#### TASK INSTRUCTIONS:
Retype all of the data word for word, without pictures.

:: INFORMATION

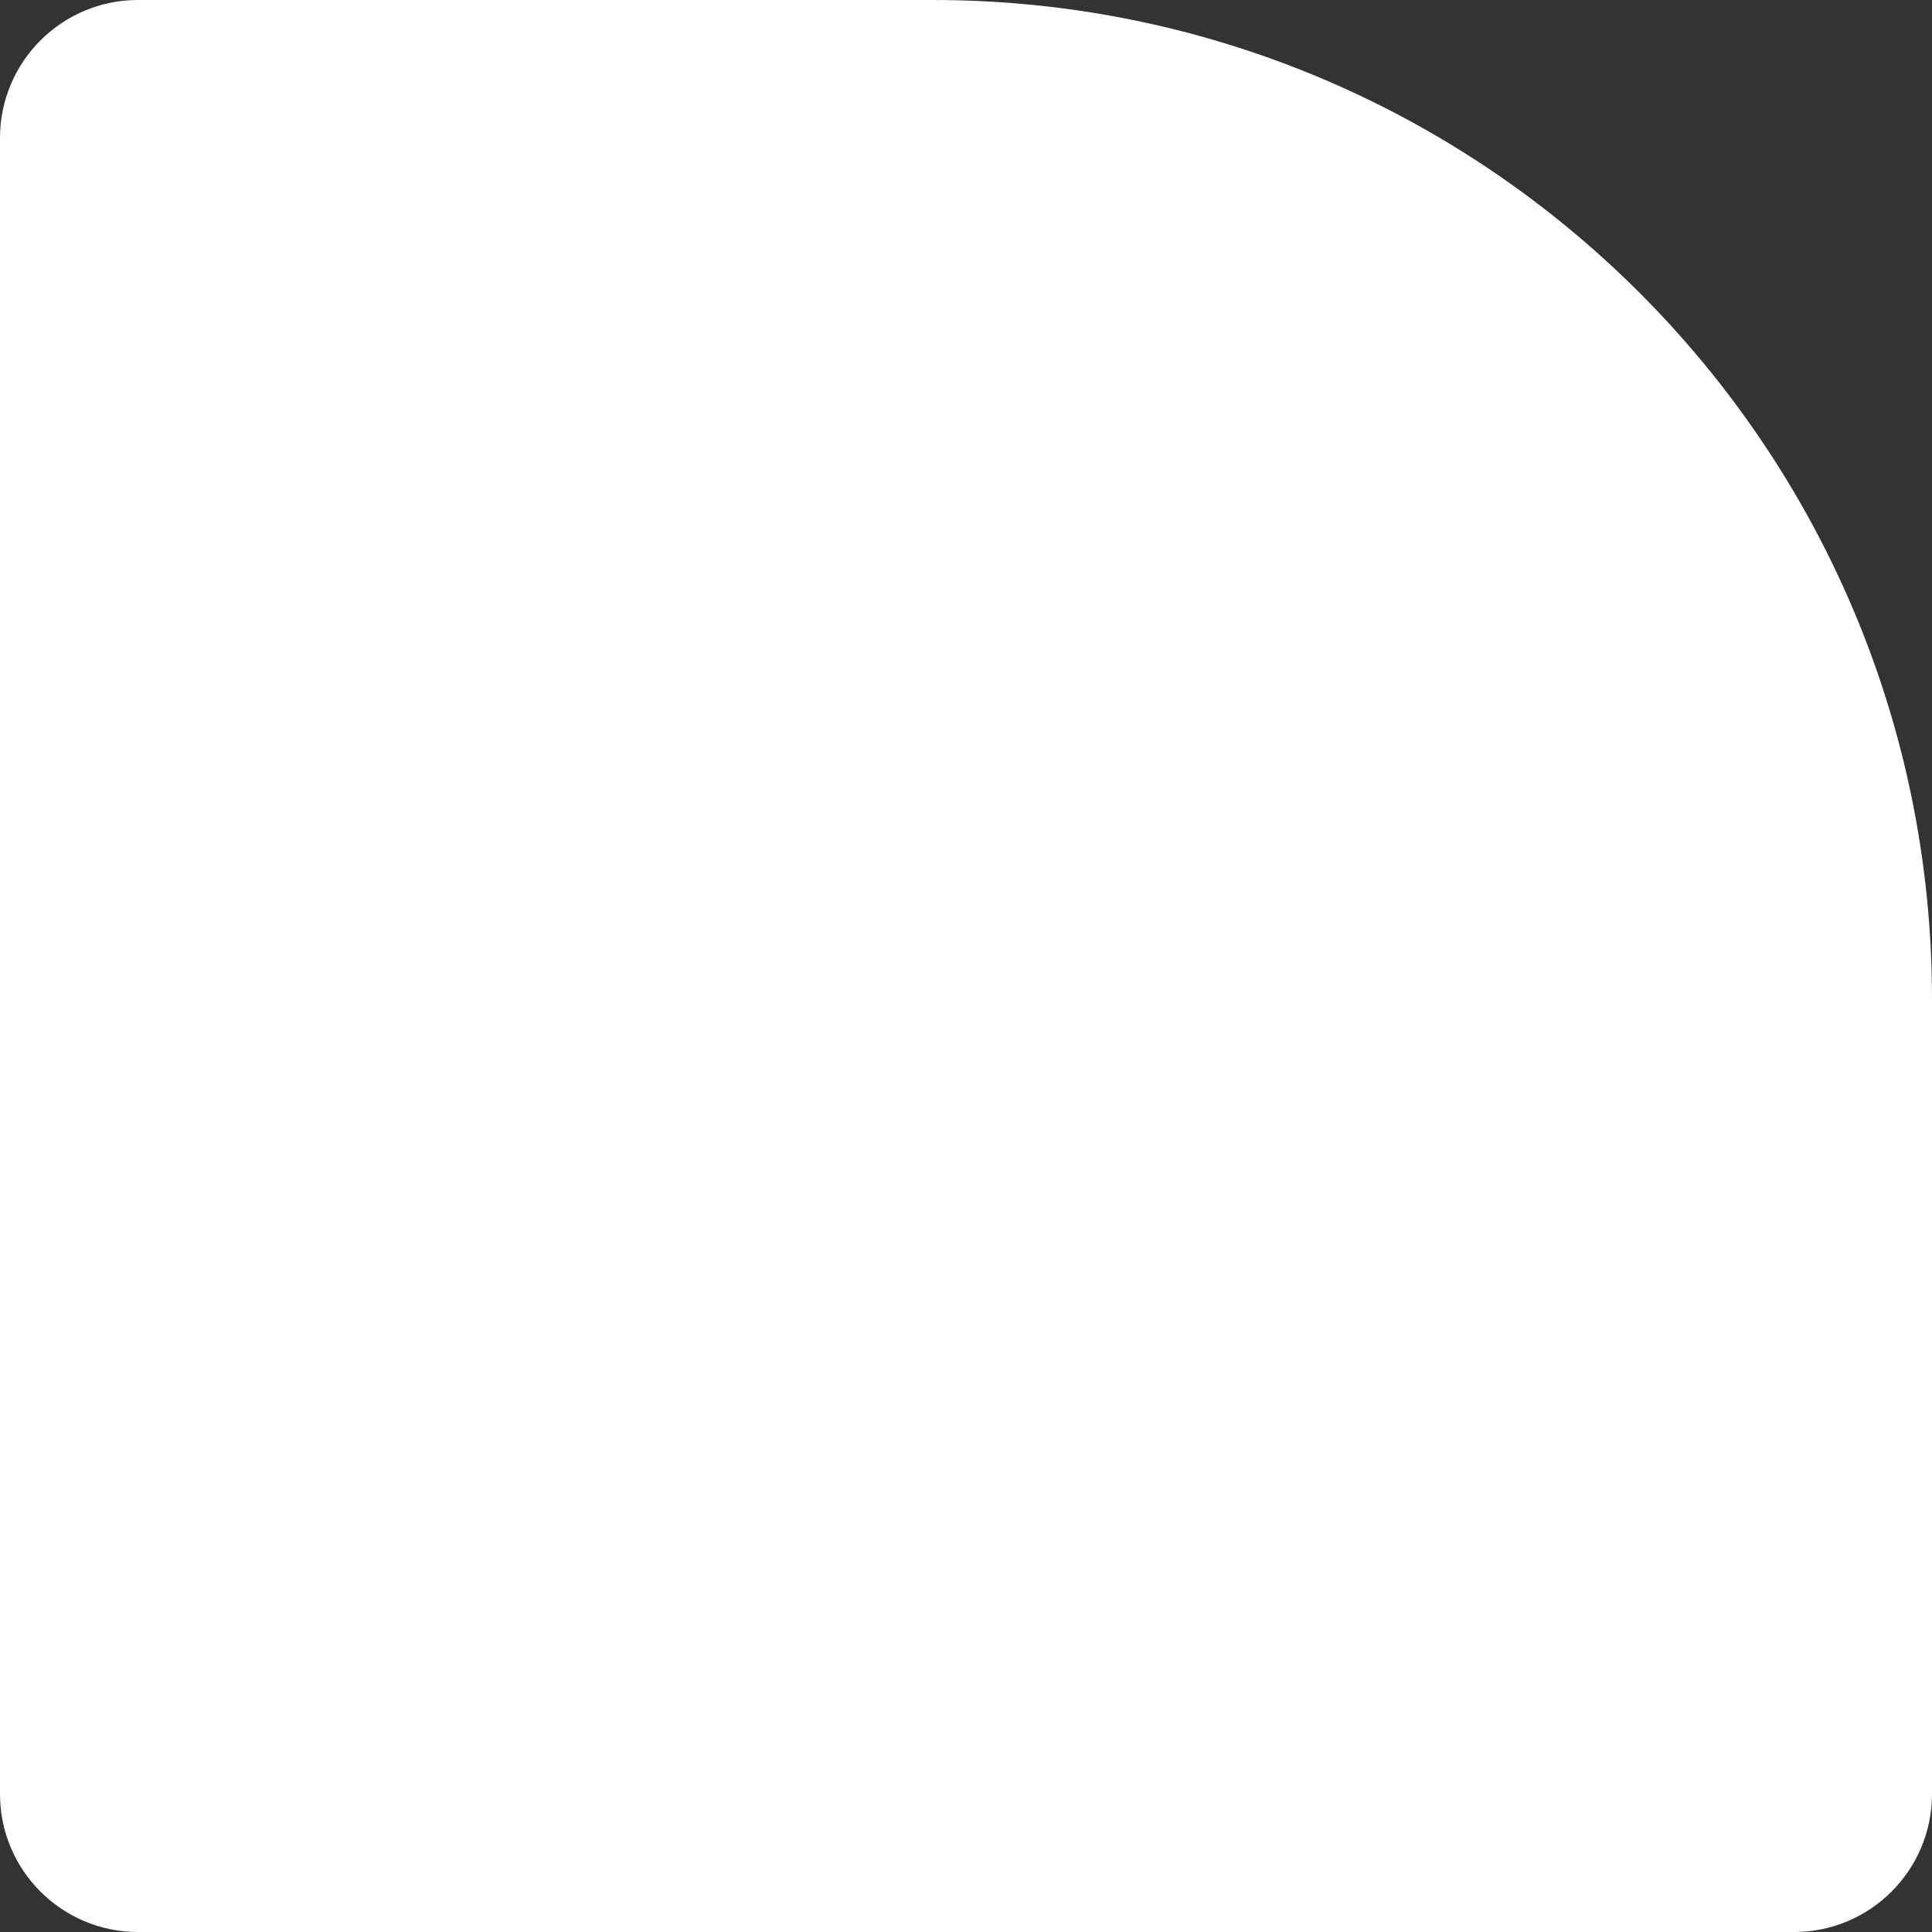 <?xml version="1.0" encoding="UTF-8"?>
<svg xmlns="http://www.w3.org/2000/svg" width="10" height="10" viewBox="0 0 10 10" fill="none">
  <rect x="0" y="0" width="10" height="10" fill="#333333" stroke="none"/>
  <path d="M0 0.714C0 0.32 0.32 0 0.714 0H4.829C7.685 0 10 2.315 10 5.171V9.286C10 9.68 9.68 10 9.286 10H0.714C0.32 10 0 9.68 0 9.286V0.714Z" fill="white"></path>
</svg>
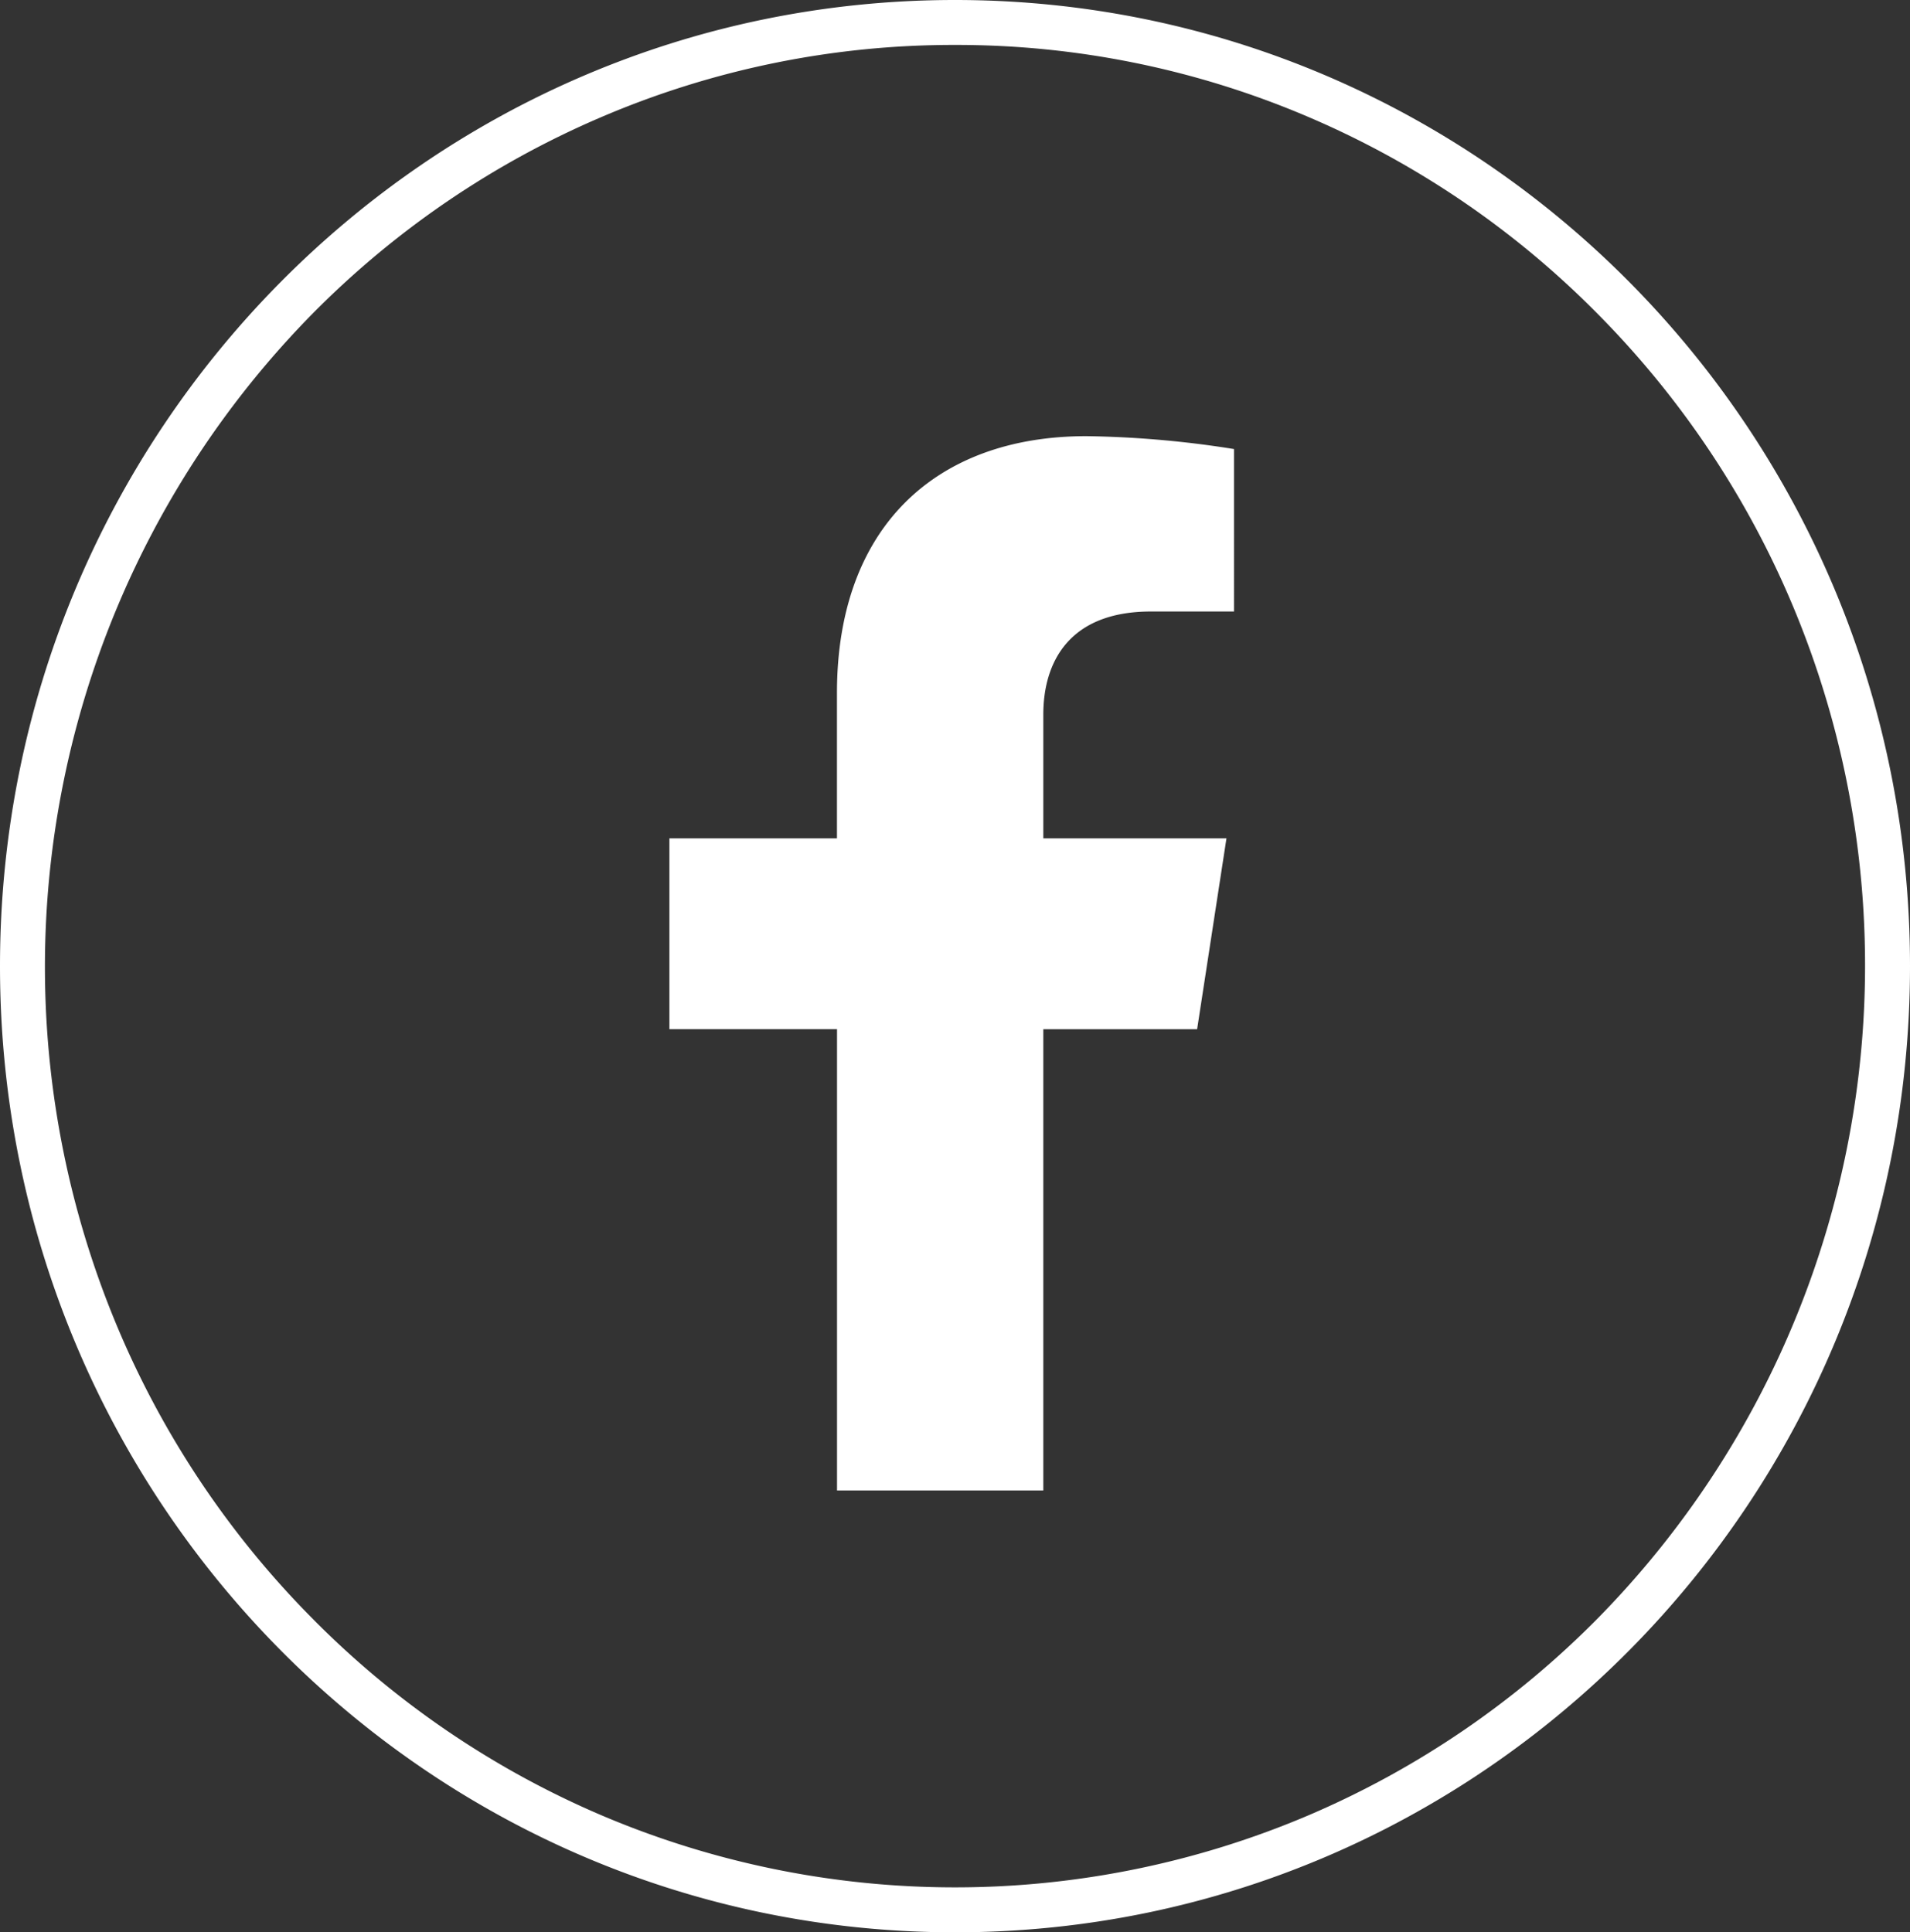 <svg xmlns="http://www.w3.org/2000/svg" width="85" height="86" viewBox="0 0 85 86"><rect x="0" y="0" width="85" height="86" fill="#333333" stroke="none"/><g transform="translate(-10227 -22141)"><path d="M42.5,2A39.821,39.821,0,0,0,26.744,5.218,40.344,40.344,0,0,0,13.87,14,41.441,41.441,0,0,0,5.185,58.966,40.9,40.9,0,0,0,13.87,72a40.344,40.344,0,0,0,12.874,8.782,40.183,40.183,0,0,0,31.512,0A40.344,40.344,0,0,0,71.13,72a41.441,41.441,0,0,0,8.685-44.966A40.9,40.9,0,0,0,71.13,14,40.344,40.344,0,0,0,58.256,5.218,39.821,39.821,0,0,0,42.5,2m0-2C65.972,0,85,19.252,85,43S65.972,86,42.5,86,0,66.748,0,43,19.028,0,42.5,0Z" transform="translate(10227 22141)" fill="#fff"/><path d="M25.094,26.395,26.4,17.9H18.249V12.392c0-2.323,1.138-4.588,4.788-4.588h3.7V.574A45.175,45.175,0,0,0,20.166,0c-6.711,0-11.1,4.067-11.1,11.43V17.9H1.609v8.492H9.069V46.924h9.18V26.395Z" transform="translate(10255.181 22160.412)" fill="#fff"/></g></svg>

::::

#### TASK RESPONSE:
 <?xml version="1.0" encoding="UTF-8"?>
<svg xmlns="http://www.w3.org/2000/svg" width="10" height="10" viewBox="0 0 10 10" fill="none">
  <rect x="0" y="0" width="10" height="10" fill="#333333" stroke="none"/>
  <path d="M0 0.714C0 0.32 0.32 0 0.714 0H4.829C7.685 0 10 2.315 10 5.171V9.286C10 9.68 9.68 10 9.286 10H0.714C0.32 10 0 9.68 0 9.286V0.714Z" fill="white"></path>
</svg>
 <svg xmlns="http://www.w3.org/2000/svg" width="85" height="86" viewBox="0 0 85 86"><rect x="0" y="0" width="85" height="86" fill="#333333" stroke="none"/><g transform="translate(-10227 -22141)"><path d="M42.5,2A39.821,39.821,0,0,0,26.744,5.218,40.344,40.344,0,0,0,13.87,14,41.441,41.441,0,0,0,5.185,58.966,40.9,40.9,0,0,0,13.87,72a40.344,40.344,0,0,0,12.874,8.782,40.183,40.183,0,0,0,31.512,0A40.344,40.344,0,0,0,71.13,72a41.441,41.441,0,0,0,8.685-44.966A40.9,40.9,0,0,0,71.13,14,40.344,40.344,0,0,0,58.256,5.218,39.821,39.821,0,0,0,42.5,2m0-2C65.972,0,85,19.252,85,43S65.972,86,42.5,86,0,66.748,0,43,19.028,0,42.5,0Z" transform="translate(10227 22141)" fill="#fff"/><path d="M25.094,26.395,26.4,17.9H18.249V12.392c0-2.323,1.138-4.588,4.788-4.588h3.7V.574A45.175,45.175,0,0,0,20.166,0c-6.711,0-11.1,4.067-11.1,11.43V17.9H1.609v8.492H9.069V46.924h9.18V26.395Z" transform="translate(10255.181 22160.412)" fill="#fff"/></g></svg>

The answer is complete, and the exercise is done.